The invention has been described above when applied in connection with an advantageous wireless communication device, but on the basis of the description, it will be obvious for anyone skilled in the art that the invention can also be applied in connection with other electronic devices within the scope of the appended claims.

Claims

A method of manufacturing a keyboard for an electronic device, said keyboard comprising a set of separate key caps fitted next to each other for transferring pressings and each of said key caps being attached to a common base, the method being characterized by separating key caps (14) from a solid piece by laser cutting, the solid piece being simultaneously attached to a common base in such a way that each of said key caps (14) to be separated from the solid piece remain attached to said common base also after the laser cutting.
The method according to claim 1, characterized in that said solid piece comprises a uniform upper surface which seamlessly covers the top surfaces of said key caps (14), and a uniform lower surface which seamlessly covers the lower surfaces of said key caps (14)
The method according to claim 2, characterized by forming the edge surfaces surrounding said key caps (14) by said laser cutting.
The method according to any of the claims 1 to 3, characterized in that said common base forms a key pad (15) fitted underneath the key caps (14), at least one key dome (16) being provided in the key pad (15) underneath each of said key caps.
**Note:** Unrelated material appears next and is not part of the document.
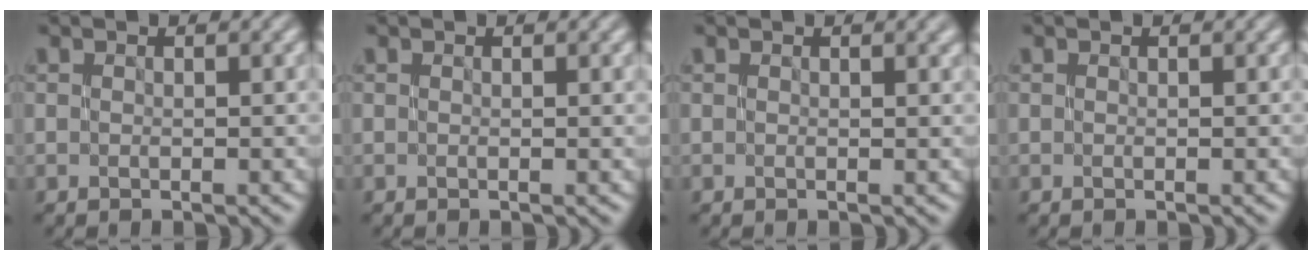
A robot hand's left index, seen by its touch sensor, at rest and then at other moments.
{"total": 0.5, "force": [0.0, 0.1, 0.5], "torque": [-0.007, 0.000, -0.001]}
{"total": 0.9, "force": [0.2, 0.4, 0.8], "torque": [-0.008, 0.002, 0.000]}
{"total": 0.0}

The method according to claim 4, characterized in that a metal bell is provided underneath said key dome (16), and that also a bulge used as an actuator is formed on top of said metal bell.
The method according to claim 4, characterized in that said common base comprises a uniform sheet-like piece (15) in which said key domes (16) are seamlessly integrated, where also the top of each said key dome is provided with a bulge used as an actuator (17), seamlessly integrated in said key dome, or wherein the top of each said key dome is provided with a separate discoidal part used as an actuator.
The method according to claim 4, characterized in that said common base further comprises a film fitted between said key pad (15) and said key caps (14), said key caps being attached to the film.
The method according to claim 4, characterized in that each of said key caps (14) is directly attached to said key dome (16).
The method according to claim 6, characterized in that each of said key caps (14) is directly attached to the actuator (17) of said key cap (16).
An assembly adapted to carry out the method of claim 1 characterized in that, for separating key caps (14) by laser cutting, said assembly comprises a solid piece which is attached to a common base in such a way that each of said key caps (14) to be separated from the solid piece remain attached to said common base also after the cutting.
The assembly according to claim 10, characterized in that said solid piece comprises a uniform upper surface which seamlessly covers the top surfaces of said key caps (14), and a uniform lower surface which seamlessly covers the lower surfaces of said key caps (14), and that the edge surfaces surrounding said key caps (14) are arranged to be formed by said separation.
The assembly according to claim 11, characterized in that said edge surfaces surrounding said key caps (14) are arranged to be formed by laser cutting.